Единственный светлый лучик — от горской милиции пришли известия о ранении Шамиля. Все ж таки смогли куринцы, в отличие от других полков, пустить кровь мятежнику. Генерал не преминул несколько раз подчеркнуть этот момент за обедом у Граббе. Даже вызвал к себе Васю и выдал ему серебряный рубль.
— Гордись! Ты не просто горца подстрелил. Самого Шамиля угостил свинцом. Эх, правее бы на пару пальцев — и пропал бы смутьян! Сразу выскочил бы в офицеры, Девяткин. Без экзамена[1]. Но все ж к Георгию тебя представлю. Теперь жди, когда награды утвердят. Доволен?
Милов сразу сообразил, что это не тот подвиг, о котором стоит твердить на всех углах. Лучше помалкивать, пока на него все горцы не объявили охоту.
— Я, Вашество, в офицеры не рвусь. Вполне доволен своим положением.
— Молодец, что честно признался. Не ты первый, не ты последний, кто, имея возможность стать офицером, от нее отказался. Тем, кто так поступает, много поблажек Государь положил. Жалование увеличится в полтора раза. Сможешь в отставку выйти, когда пожелаешь. И носить будешь на эфесе своего тесака серебряный темляк.
«Серебряный темляк — это, конечно, круто! — съерничал Вася. — Я этого тесака в глаза не видел. И в летучем отряде он без надобности — с темляком или без. А вот насчет отставки можно и подумать. Как-никак, детки теперь на руках».
Приемыши из Ахульго серьезно зацепили Васино сердце. То ли момент такой выпал, то ли он созрел для отцовства. Он пока до конца не осознал случившейся перемены, но чувствовал уже и ответственность за детей, и мыслишки разные в голове возникали насчет дальнейшего житья-бытия.

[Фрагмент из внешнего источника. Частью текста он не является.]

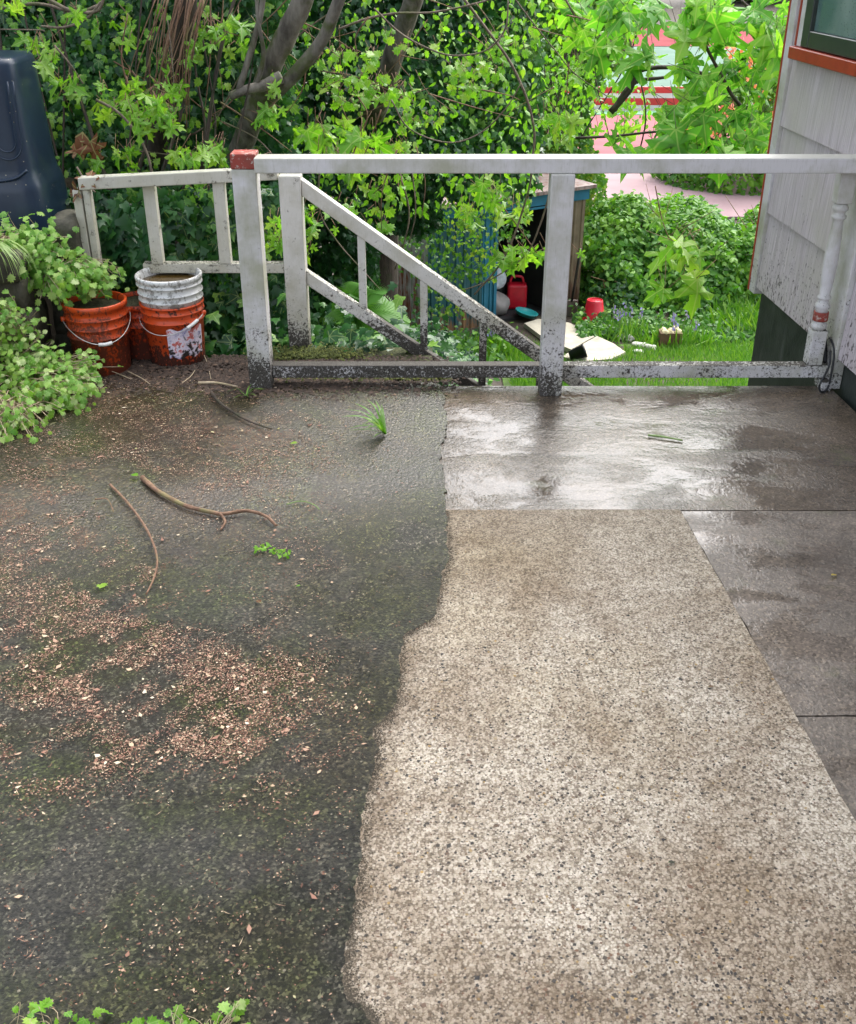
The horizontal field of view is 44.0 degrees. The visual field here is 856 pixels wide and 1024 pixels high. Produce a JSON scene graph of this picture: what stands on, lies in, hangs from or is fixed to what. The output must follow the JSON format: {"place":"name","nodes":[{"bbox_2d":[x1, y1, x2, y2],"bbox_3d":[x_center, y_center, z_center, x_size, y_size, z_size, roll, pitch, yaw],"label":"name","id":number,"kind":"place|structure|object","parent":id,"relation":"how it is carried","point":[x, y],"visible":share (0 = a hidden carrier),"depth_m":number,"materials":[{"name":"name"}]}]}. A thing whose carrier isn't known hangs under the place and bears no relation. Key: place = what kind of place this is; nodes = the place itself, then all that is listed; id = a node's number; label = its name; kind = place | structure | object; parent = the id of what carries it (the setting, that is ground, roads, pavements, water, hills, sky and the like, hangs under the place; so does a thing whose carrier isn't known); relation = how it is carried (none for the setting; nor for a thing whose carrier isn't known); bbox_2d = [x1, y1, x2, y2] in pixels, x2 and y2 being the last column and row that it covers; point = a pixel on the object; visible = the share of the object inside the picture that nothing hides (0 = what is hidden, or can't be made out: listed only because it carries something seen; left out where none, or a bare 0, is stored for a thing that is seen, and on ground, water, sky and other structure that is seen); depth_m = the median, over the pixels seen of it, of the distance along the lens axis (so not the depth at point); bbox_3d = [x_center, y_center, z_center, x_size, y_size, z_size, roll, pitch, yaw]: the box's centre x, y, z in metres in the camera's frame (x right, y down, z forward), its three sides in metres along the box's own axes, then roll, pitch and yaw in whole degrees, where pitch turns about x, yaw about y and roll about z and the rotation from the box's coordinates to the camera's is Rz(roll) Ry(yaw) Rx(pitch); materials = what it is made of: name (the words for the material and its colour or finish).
{"place":"outdoors","nodes":[
{"label":"outdoors","id":0,"kind":"place"},
{"bbox_2d":[0,357,449,1023],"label":"asphalt driveway","id":1,"kind":"structure","parent":0,"point":[380,543],"depth_m":2.58,"materials":[{"name":"grey asphalt"}]},
{"bbox_2d":[30,1001,52,1012],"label":"fresh leaf","id":2,"kind":"object","parent":1,"relation":"on","point":[41,1006],"visible":1,"depth_m":1.77,"materials":[{"name":"green plant"}]},
{"bbox_2d":[0,289,122,443],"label":"herb robert","id":3,"kind":"object","parent":1,"relation":"on","point":[39,380],"visible":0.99,"depth_m":4.06,"materials":[{"name":"green plant"}]},
{"bbox_2d":[4,997,165,1023],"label":"weed clump","id":4,"kind":"object","parent":1,"relation":"on","point":[30,1019],"visible":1,"depth_m":1.75,"materials":[{"name":"green plant"}]},
{"bbox_2d":[60,290,130,376],"bbox_3d":[-1.362,-0.735,4.392,0.269,0.299,0.271,0,28,0],"label":"plastic bucket","id":5,"kind":"object","parent":1,"relation":"on","point":[100,326],"visible":0.92,"depth_m":4.31,"materials":[{"name":"plastic"}]},
{"bbox_2d":[96,583,107,587],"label":"fallen leaf","id":6,"kind":"object","parent":1,"relation":"on","point":[101,585],"visible":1,"depth_m":2.95,"materials":[{"name":"green plant"}]},
{"bbox_2d":[95,483,157,594],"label":"curved twig","id":7,"kind":"object","parent":1,"relation":"on","point":[133,510],"visible":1,"depth_m":3.24,"materials":[{"name":"brown wood"}]},
{"bbox_2d":[123,291,150,359],"bbox_3d":[-1.232,-0.804,4.576,0.238,0.244,0.238,0,28,0],"label":"plastic bucket","id":8,"kind":"object","parent":1,"relation":"on","point":[139,346],"visible":0.25,"depth_m":4.50,"materials":[{"name":"orange plastic"}]},
{"bbox_2d":[139,297,205,365],"bbox_3d":[-1.076,-0.773,4.502,0.287,0.261,0.277,0,28,0],"label":"plastic bucket","id":9,"kind":"object","parent":1,"relation":"on","point":[175,337],"visible":0.8,"depth_m":4.42,"materials":[{"name":"plastic"}]},
{"bbox_2d":[134,267,202,308],"bbox_3d":[-1.076,-0.899,4.439,0.274,0.211,0.274,0,28,0],"label":"plastic bucket","id":10,"kind":"object","parent":9,"relation":"in","point":[167,290],"visible":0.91,"depth_m":4.33,"materials":[{"name":"white plastic"}]},
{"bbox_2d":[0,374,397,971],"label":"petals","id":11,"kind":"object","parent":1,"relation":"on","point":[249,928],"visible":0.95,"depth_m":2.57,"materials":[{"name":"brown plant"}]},
{"bbox_2d":[163,998,249,1023],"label":"weed clump","id":12,"kind":"object","parent":1,"relation":"on","point":[223,1006],"visible":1,"depth_m":1.76,"materials":[{"name":"green plant"}]},
{"bbox_2d":[140,475,276,530],"bbox_3d":[-0.735,-0.017,3.347,0.593,0.019,0.142,16,32,27],"label":"fallen branch","id":13,"kind":"object","parent":1,"relation":"on","point":[148,483],"visible":1,"depth_m":3.32,"materials":[{"name":"brown wood"}]},
{"bbox_2d":[0,368,426,1022],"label":"leaf litter","id":14,"kind":"object","parent":1,"relation":"on","point":[184,734],"visible":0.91,"depth_m":2.60,"materials":[{"name":"brown plant"}]},
{"bbox_2d":[210,391,271,429],"bbox_3d":[-0.726,-0.384,4.020,0.038,0.016,0.455,-21,35,-33],"label":"dark stick","id":15,"kind":"object","parent":1,"relation":"on","point":[225,406],"visible":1,"depth_m":4.01,"materials":[{"name":"brown wood"}]},
{"bbox_2d":[229,385,261,397],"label":"grass tuft","id":16,"kind":"object","parent":1,"relation":"on","point":[247,392],"visible":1,"depth_m":4.17,"materials":[{"name":"green plant"}]},
{"bbox_2d":[57,354,461,401],"bbox_3d":[-0.727,-0.573,4.361,1.764,0.037,0.537,0,28,0],"label":"dirt pile","id":17,"kind":"object","parent":1,"relation":"on","point":[235,370],"visible":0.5,"depth_m":4.32,"materials":[{"name":"brown soil"}]},
{"bbox_2d":[198,381,237,386],"bbox_3d":[-0.842,-0.516,4.268,0.175,0.012,0.030,7,29,12],"label":"split wood","id":18,"kind":"object","parent":17,"relation":"on","point":[206,382],"visible":1,"depth_m":4.28,"materials":[{"name":"beige wood"}]},
{"bbox_2d":[243,339,452,382],"bbox_3d":[-0.341,-0.642,4.493,0.903,0.050,0.455,0,28,0],"label":"moss","id":19,"kind":"object","parent":17,"relation":"on","point":[309,353],"visible":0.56,"depth_m":4.53,"materials":[{"name":"green plant"}]},
{"bbox_2d":[253,542,290,558],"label":"green sprig","id":20,"kind":"object","parent":1,"relation":"on","point":[271,550],"visible":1,"depth_m":3.11,"materials":[{"name":"green plant"}]},
{"bbox_2d":[286,501,319,509],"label":"fallen stalk","id":21,"kind":"object","parent":1,"relation":"on","point":[302,501],"visible":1,"depth_m":3.38,"materials":[{"name":"plant"}]},
{"bbox_2d":[342,399,386,435],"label":"grass tuft","id":22,"kind":"object","parent":1,"relation":"on","point":[380,423],"visible":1,"depth_m":3.85,"materials":[{"name":"green plant"}]},
{"bbox_2d":[0,0,789,393],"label":"ground","id":23,"kind":"structure","parent":0,"point":[676,6],"depth_m":14.43,"materials":[{"name":"green plant"}]},
{"bbox_2d":[0,50,70,235],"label":"compost bin","id":24,"kind":"object","parent":23,"relation":"on","point":[32,180],"visible":0.96,"depth_m":4.35,"materials":[{"name":"blue plastic"}]},
{"bbox_2d":[0,209,82,363],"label":"retaining wall","id":25,"kind":"structure","parent":23,"relation":"on","point":[66,221],"depth_m":4.28,"materials":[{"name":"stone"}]},
{"bbox_2d":[0,238,38,281],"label":"striped grass","id":26,"kind":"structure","parent":25,"relation":"on","point":[3,247],"depth_m":4.06,"materials":[{"name":"green plant"}]},
{"bbox_2d":[0,209,129,310],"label":"trailing geranium","id":27,"kind":"object","parent":25,"relation":"on","point":[90,276],"visible":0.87,"depth_m":4.21,"materials":[{"name":"green plant"}]},
{"bbox_2d":[2,0,239,177],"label":"young shoots","id":28,"kind":"object","parent":23,"relation":"on","point":[112,46],"visible":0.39,"depth_m":5.07,"materials":[{"name":"green plant"}]},
{"bbox_2d":[0,0,313,330],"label":"ivy thicket","id":29,"kind":"object","parent":23,"relation":"on","point":[72,44],"visible":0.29,"depth_m":5.32,"materials":[{"name":"green plant"}]},
{"bbox_2d":[0,0,287,205],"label":"young maple","id":30,"kind":"object","parent":29,"relation":"on","point":[157,109],"visible":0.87,"depth_m":4.58,"materials":[{"name":"green plant"}]},
{"bbox_2d":[65,143,76,157],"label":"dead leaf","id":31,"kind":"object","parent":30,"relation":"attached to","point":[73,147],"visible":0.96,"depth_m":4.54,"materials":[{"name":"brown plant"}]},
{"bbox_2d":[75,132,88,160],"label":"dead leaf","id":32,"kind":"object","parent":30,"relation":"hanging from","point":[78,143],"visible":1,"depth_m":4.50,"materials":[{"name":"brown plant"}]},
{"bbox_2d":[74,133,106,160],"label":"dead leaf","id":33,"kind":"object","parent":30,"relation":"hanging from","point":[93,148],"visible":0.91,"depth_m":4.51,"materials":[{"name":"brown plant"}]},
{"bbox_2d":[126,0,210,171],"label":"ivy tree","id":34,"kind":"object","parent":29,"relation":"on","point":[183,20],"visible":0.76,"depth_m":4.77,"materials":[{"name":"brown plant"}]},
{"bbox_2d":[223,0,344,167],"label":"leaning tree","id":35,"kind":"object","parent":29,"relation":"on","point":[275,53],"visible":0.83,"depth_m":4.79,"materials":[{"name":"grey plant"}]},
{"bbox_2d":[0,0,624,300],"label":"bare branches","id":36,"kind":"object","parent":29,"relation":"attached to","point":[96,8],"visible":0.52,"depth_m":5.26,"materials":[{"name":"brown wood"}]},
{"bbox_2d":[556,0,788,188],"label":"maple branch","id":37,"kind":"object","parent":36,"relation":"attached to","point":[695,111],"visible":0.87,"depth_m":5.85,"materials":[{"name":"green plant"}]},
{"bbox_2d":[65,182,288,354],"bbox_3d":[-1.130,-0.954,4.885,1.095,1.054,0.664,0,28,0],"label":"ivy clump","id":38,"kind":"object","parent":23,"relation":"on","point":[122,227],"visible":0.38,"depth_m":4.72,"materials":[{"name":"green plant"}]},
{"bbox_2d":[72,168,283,289],"bbox_3d":[-1.020,-1.049,4.465,0.830,0.783,0.096,-2,29,-3],"label":"landing railing","id":39,"kind":"object","parent":23,"relation":"on","point":[149,182],"visible":0.66,"depth_m":4.33,"materials":[{"name":"white paint"}]},
{"bbox_2d":[69,181,81,202],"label":"dead leaf","id":40,"kind":"object","parent":39,"relation":"attached to","point":[78,194],"visible":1,"depth_m":4.26,"materials":[{"name":"brown plant"}]},
{"bbox_2d":[75,170,99,187],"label":"dead leaf","id":41,"kind":"object","parent":39,"relation":"attached to","point":[91,173],"visible":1,"depth_m":4.24,"materials":[{"name":"brown plant"}]},
{"bbox_2d":[44,0,551,327],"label":"ivy covered tree","id":42,"kind":"object","parent":23,"relation":"on","point":[337,262],"visible":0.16,"depth_m":8.45,"materials":[{"name":"green plant"}]},
{"bbox_2d":[262,96,394,273],"bbox_3d":[-0.468,-1.455,5.066,0.622,0.890,1.344,0,28,0],"label":"young maple","id":43,"kind":"object","parent":23,"relation":"on","point":[315,137],"visible":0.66,"depth_m":5.16,"materials":[{"name":"green plant"}]},
{"bbox_2d":[203,281,489,385],"bbox_3d":[-0.801,-1.655,9.392,3.288,3.438,9.318,0,28,0],"label":"ground ivy","id":44,"kind":"object","parent":23,"relation":"on","point":[443,344],"visible":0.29,"depth_m":4.82,"materials":[{"name":"green plant"}]},
{"bbox_2d":[325,281,410,346],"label":"fern","id":45,"kind":"object","parent":23,"relation":"on","point":[378,304],"visible":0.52,"depth_m":5.46,"materials":[{"name":"green plant"}]},
{"bbox_2d":[327,347,432,381],"bbox_3d":[-0.300,-0.520,4.639,0.640,0.288,0.390,0,28,0],"label":"landing step","id":46,"kind":"object","parent":23,"relation":"on","point":[397,351],"visible":0.11,"depth_m":4.66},
{"bbox_2d":[235,0,548,219],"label":"young shoots","id":47,"kind":"object","parent":23,"relation":"on","point":[532,5],"visible":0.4,"depth_m":7.09,"materials":[{"name":"green plant"}]},
{"bbox_2d":[363,0,423,125],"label":"slanting tree","id":48,"kind":"object","parent":23,"relation":"on","point":[404,24],"visible":0.65,"depth_m":6.53,"materials":[{"name":"grey plant"}]},
{"bbox_2d":[314,12,540,234],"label":"elder shoots","id":49,"kind":"object","parent":23,"relation":"on","point":[368,94],"visible":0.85,"depth_m":5.87,"materials":[{"name":"green plant"}]},
{"bbox_2d":[278,174,593,385],"bbox_3d":[0.422,-0.573,4.746,2.055,1.826,0.089,0,28,0],"label":"stair railing","id":50,"kind":"object","parent":23,"relation":"on","point":[295,190],"visible":0.48,"depth_m":4.51,"materials":[{"name":"paint"}]},
{"bbox_2d":[436,306,517,385],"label":"garden weeds","id":51,"kind":"object","parent":23,"relation":"on","point":[492,356],"visible":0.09,"depth_m":13.36,"materials":[{"name":"green plant"}]},
{"bbox_2d":[454,325,530,358],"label":"bluebells","id":52,"kind":"object","parent":23,"relation":"on","point":[490,335],"visible":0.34,"depth_m":13.49,"materials":[{"name":"green plant"}]},
{"bbox_2d":[420,0,639,220],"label":"hedge tree","id":53,"kind":"object","parent":23,"relation":"on","point":[583,146],"visible":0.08,"depth_m":16.01,"materials":[{"name":"green plant"}]},
{"bbox_2d":[454,7,606,277],"bbox_3d":[0.612,-2.203,6.423,0.820,1.491,1.456,5,29,10],"label":"young maple","id":54,"kind":"object","parent":23,"relation":"on","point":[568,123],"visible":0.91,"depth_m":6.23,"materials":[{"name":"green plant"}]},
{"bbox_2d":[466,0,656,139],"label":"young shoots","id":55,"kind":"object","parent":23,"relation":"on","point":[590,90],"visible":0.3,"depth_m":10.78,"materials":[{"name":"green plant"}]},
{"bbox_2d":[566,248,581,316],"bbox_3d":[2.012,-3.167,14.654,0.170,0.981,0.112,0,28,0],"label":"spade","id":56,"kind":"object","parent":23,"relation":"on","point":[569,309],"visible":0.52,"depth_m":14.81,"materials":[{"name":"black wood"}]},
{"bbox_2d":[582,297,603,322],"bbox_3d":[2.284,-2.764,14.566,0.316,0.318,0.316,0,28,0],"label":"garden bucket","id":57,"kind":"object","parent":23,"relation":"on","point":[594,304],"visible":0.76,"depth_m":14.46,"materials":[{"name":"red plastic"}]},
{"bbox_2d":[579,263,656,315],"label":"leafy shrub","id":58,"kind":"object","parent":23,"relation":"on","point":[605,286],"visible":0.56,"depth_m":14.90,"materials":[{"name":"green plant"}]},
{"bbox_2d":[583,302,662,345],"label":"bluebells","id":59,"kind":"object","parent":23,"relation":"on","point":[632,331],"visible":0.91,"depth_m":13.97,"materials":[{"name":"green plant"}]},
{"bbox_2d":[626,334,634,341],"bbox_3d":[2.667,-2.312,14.008,0.140,0.095,0.143,0,28,0],"label":"rock","id":60,"kind":"object","parent":23,"relation":"on","point":[632,338],"visible":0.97,"depth_m":13.96,"materials":[{"name":"white stone"}]},
{"bbox_2d":[631,341,643,346],"bbox_3d":[2.723,-2.171,13.770,0.176,0.074,0.124,0,28,0],"label":"rock","id":61,"kind":"object","parent":23,"relation":"on","point":[634,342],"visible":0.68,"depth_m":13.73,"materials":[{"name":"white stone"}]},
{"bbox_2d":[579,189,714,315],"bbox_3d":[2.969,-4.029,16.038,2.371,1.755,3.506,0,28,0],"label":"leafy shrub","id":62,"kind":"object","parent":23,"relation":"on","point":[626,215],"visible":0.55,"depth_m":15.17,"materials":[{"name":"green plant"}]},
{"bbox_2d":[643,344,656,350],"bbox_3d":[2.869,-2.126,13.679,0.170,0.083,0.115,0,28,0],"label":"rock","id":63,"kind":"object","parent":23,"relation":"on","point":[647,345],"visible":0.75,"depth_m":13.65,"materials":[{"name":"white stone"}]},
{"bbox_2d":[568,296,755,344],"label":"border plants","id":64,"kind":"object","parent":23,"relation":"on","point":[589,330],"visible":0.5,"depth_m":14.24,"materials":[{"name":"green plant"}]},
{"bbox_2d":[565,87,770,109],"bbox_3d":[14.000,-12.535,32.104,24.000,0.654,0.060,0,28,0],"label":"striped barrier","id":65,"kind":"object","parent":23,"relation":"on","point":[664,93],"depth_m":32.08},
{"bbox_2d":[641,185,715,318],"bbox_3d":[1.249,-1.346,5.415,0.404,0.607,0.600,0,28,0],"label":"maple sprig","id":66,"kind":"object","parent":23,"relation":"on","point":[690,253],"visible":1,"depth_m":5.34,"materials":[{"name":"green plant"}]},
{"bbox_2d":[611,191,755,318],"bbox_3d":[3.950,-4.026,16.269,2.777,1.499,4.089,0,28,0],"label":"leafy shrub","id":67,"kind":"object","parent":23,"relation":"on","point":[715,234],"visible":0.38,"depth_m":15.20,"materials":[{"name":"green plant"}]},
{"bbox_2d":[651,37,776,195],"bbox_3d":[7.160,-8.267,22.020,4.781,3.885,3.450,0,28,0],"label":"flowering shrub","id":68,"kind":"object","parent":23,"relation":"on","point":[751,182],"visible":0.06,"depth_m":21.65,"materials":[{"name":"green plant"}]},
{"bbox_2d":[688,291,760,343],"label":"tall grass","id":69,"kind":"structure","parent":23,"relation":"on","point":[749,318],"depth_m":14.33,"materials":[{"name":"green plant"}]},
{"bbox_2d":[706,195,760,305],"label":"leafy shrub","id":70,"kind":"object","parent":23,"relation":"on","point":[748,227],"visible":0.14,"depth_m":15.32,"materials":[{"name":"green plant"}]},
{"bbox_2d":[747,0,855,411],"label":"house","id":71,"kind":"structure","parent":23,"relation":"on","point":[814,111],"depth_m":4.43,"materials":[{"name":"paint"}]},
{"bbox_2d":[800,0,855,59],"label":"window","id":72,"kind":"structure","parent":71,"relation":"in","point":[829,26],"depth_m":4.15,"materials":[{"name":"green glass"}]},
{"bbox_2d":[398,174,596,331],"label":"garden shed","id":73,"kind":"structure","parent":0,"point":[532,275],"depth_m":14.35,"materials":[{"name":"blue stained wood"},{"name":"teal painted wood"}]},
{"bbox_2d":[398,175,531,321],"bbox_3d":[0.179,-3.436,13.231,2.192,1.925,1.047,-8,29,-14],"label":"vine curtain","id":74,"kind":"object","parent":73,"relation":"hanging from","point":[474,252],"visible":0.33,"depth_m":13.08,"materials":[{"name":"green plant"}]},
{"bbox_2d":[481,291,509,315],"bbox_3d":[0.873,-2.947,14.796,0.515,0.360,0.437,-21,35,-34],"label":"tarp bundle","id":75,"kind":"object","parent":73,"relation":"on","point":[502,303],"visible":0.41,"depth_m":14.74,"materials":[{"name":"grey plastic"}]},
{"bbox_2d":[497,268,506,288],"bbox_3d":[0.893,-3.312,14.813,0.410,0.325,0.309,0,28,0],"label":"plastic bag","id":76,"kind":"object","parent":75,"relation":"on","point":[501,280],"visible":0.29,"depth_m":14.74,"materials":[{"name":"white plastic"}]},
{"bbox_2d":[497,262,512,294],"bbox_3d":[0.908,-3.332,15.205,0.638,0.646,0.590,0,28,0],"label":"rubbish sack","id":77,"kind":"object","parent":73,"relation":"on","point":[503,290],"visible":0.05,"depth_m":15.01,"materials":[{"name":"black plastic"}]},
{"bbox_2d":[506,275,526,308],"bbox_3d":[1.259,-3.130,15.025,0.280,0.473,0.200,0,28,0],"label":"red petrol can","id":78,"kind":"object","parent":73,"relation":"on","point":[516,295],"visible":0.84,"depth_m":14.95,"materials":[{"name":"plastic"}]},
{"bbox_2d":[515,307,537,318],"bbox_3d":[1.376,-2.774,14.753,0.322,0.124,0.330,0,28,0],"label":"basin","id":79,"kind":"object","parent":73,"relation":"on","point":[526,312],"visible":1,"depth_m":14.78,"materials":[{"name":"teal plastic"}]},
{"bbox_2d":[397,115,729,153],"bbox_3d":[6.721,-9.660,27.546,16.069,0.050,8.628,0,28,0],"label":"pink court","id":80,"kind":"object","parent":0,"point":[599,143],"depth_m":28.67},
{"bbox_2d":[524,319,624,360],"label":"garden path","id":81,"kind":"structure","parent":0,"point":[600,348],"depth_m":13.69,"materials":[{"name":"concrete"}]},
{"bbox_2d":[568,344,587,359],"bbox_3d":[1.868,-1.993,13.202,0.249,0.213,0.179,0,28,0],"label":"plant pot","id":82,"kind":"object","parent":81,"relation":"on","point":[578,352],"visible":1,"depth_m":13.15,"materials":[{"name":"black plastic"}]},
{"bbox_2d":[401,47,754,95],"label":"pale green court","id":83,"kind":"object","parent":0,"point":[668,58],"visible":0.12,"depth_m":44.42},
{"bbox_2d":[341,386,855,1023],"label":"pavement","id":84,"kind":"structure","parent":0,"point":[739,502],"depth_m":2.46,"materials":[{"name":"brown concrete"}]},
{"bbox_2d":[342,510,470,1023],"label":"edge grit","id":85,"kind":"object","parent":84,"relation":"on","point":[349,995],"visible":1,"depth_m":2.09,"materials":[{"name":"grey concrete"}]},
{"bbox_2d":[230,150,855,395],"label":"porch railing","id":86,"kind":"object","parent":84,"relation":"on","point":[550,369],"visible":0.98,"depth_m":3.98,"materials":[{"name":"white paint"}]},
{"bbox_2d":[818,337,834,392],"bbox_3d":[1.588,-0.592,4.231,0.050,0.204,0.124,4,29,7],"label":"strap","id":87,"kind":"object","parent":86,"relation":"hanging from","point":[828,367],"visible":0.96,"depth_m":4.21,"materials":[{"name":"black fabric"}]},
{"bbox_2d":[648,434,682,440],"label":"iris leaf","id":88,"kind":"object","parent":84,"relation":"on","point":[651,435],"visible":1,"depth_m":3.83,"materials":[{"name":"green plant"}]},
{"bbox_2d":[594,111,655,114],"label":"court verge","id":89,"kind":"structure","parent":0,"point":[638,113],"depth_m":31.59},
{"bbox_2d":[499,328,753,385],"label":"lawn","id":90,"kind":"structure","parent":0,"point":[506,382],"depth_m":12.82,"materials":[{"name":"plant"}]},
{"bbox_2d":[658,329,682,346],"bbox_3d":[3.148,-2.262,13.806,0.280,0.200,0.200,0,28,0],"label":"planter box","id":91,"kind":"object","parent":90,"relation":"on","point":[663,337],"visible":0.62,"depth_m":13.70,"materials":[{"name":"wood"}]},
{"bbox_2d":[644,310,729,349],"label":"bluebells","id":92,"kind":"object","parent":90,"relation":"on","point":[693,338],"visible":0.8,"depth_m":13.75,"materials":[{"name":"green plant"}]},
{"bbox_2d":[592,174,761,218],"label":"pale path","id":93,"kind":"structure","parent":0,"point":[638,184],"depth_m":21.96,"materials":[{"name":"pink concrete"}]},
{"bbox_2d":[632,26,754,46],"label":"pink court","id":94,"kind":"object","parent":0,"point":[664,41],"visible":0.12,"depth_m":54.37,"materials":[{"name":"pink concrete"}]}
]}

— Сегодня выступаем в аул Унцукуль. Оттуда в Гимры, Темир-Хан-Шуру и далее в Чиркей. Люди рады?
— Ох, как рады, Вашество! Так намаялись в этой жаре и вони! Не чаем, как до Грозной доберемся.
— К Дорохову своему вернешься?
— Если разрешат.
— Разрешу! Нам трудные времена предстоят. Очень непростые. Задачи для его налетов найдутся.
Не дело генералу отчет унтеру давать. Или обсуждать с ним судьбу полка. У Пулло просто вырвалось. Накипело. Он вернет домой лишь половину людей — тех, кто в мае выступил в поход в составе Чеченского отряда. Как с такими силами продолжить нести службу на Сунженской линии?
С высот раздались орудийные залпы — последние в этом навечно мертвом месте. 101 салютационный выстрел в честь дня коронования Государя и, конечно, успешного окончания кампании. Войска покидали аулы Ахульго, превращенные в гигантский открытый морг-могильник под жарким солнцем.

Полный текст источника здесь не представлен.